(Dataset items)
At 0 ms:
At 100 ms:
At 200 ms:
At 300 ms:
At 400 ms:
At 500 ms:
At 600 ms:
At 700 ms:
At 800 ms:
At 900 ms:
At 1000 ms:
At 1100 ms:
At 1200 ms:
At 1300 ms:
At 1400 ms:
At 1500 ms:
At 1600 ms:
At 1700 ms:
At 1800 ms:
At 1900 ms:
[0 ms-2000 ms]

TO DO>
Return every record in full, word for word.

ANSWER SECTION>
At 0 ms:
At 100 ms:
At 200 ms:
At 300 ms:
At 400 ms:
At 500 ms:
At 600 ms:
At 700 ms:
At 800 ms:
At 900 ms:
At 1000 ms:
At 1100 ms:
At 1200 ms:
At 1300 ms:
At 1400 ms:
At 1500 ms:
At 1600 ms:
At 1700 ms:
At 1800 ms:
At 1900 ms:
[0 ms-2000 ms]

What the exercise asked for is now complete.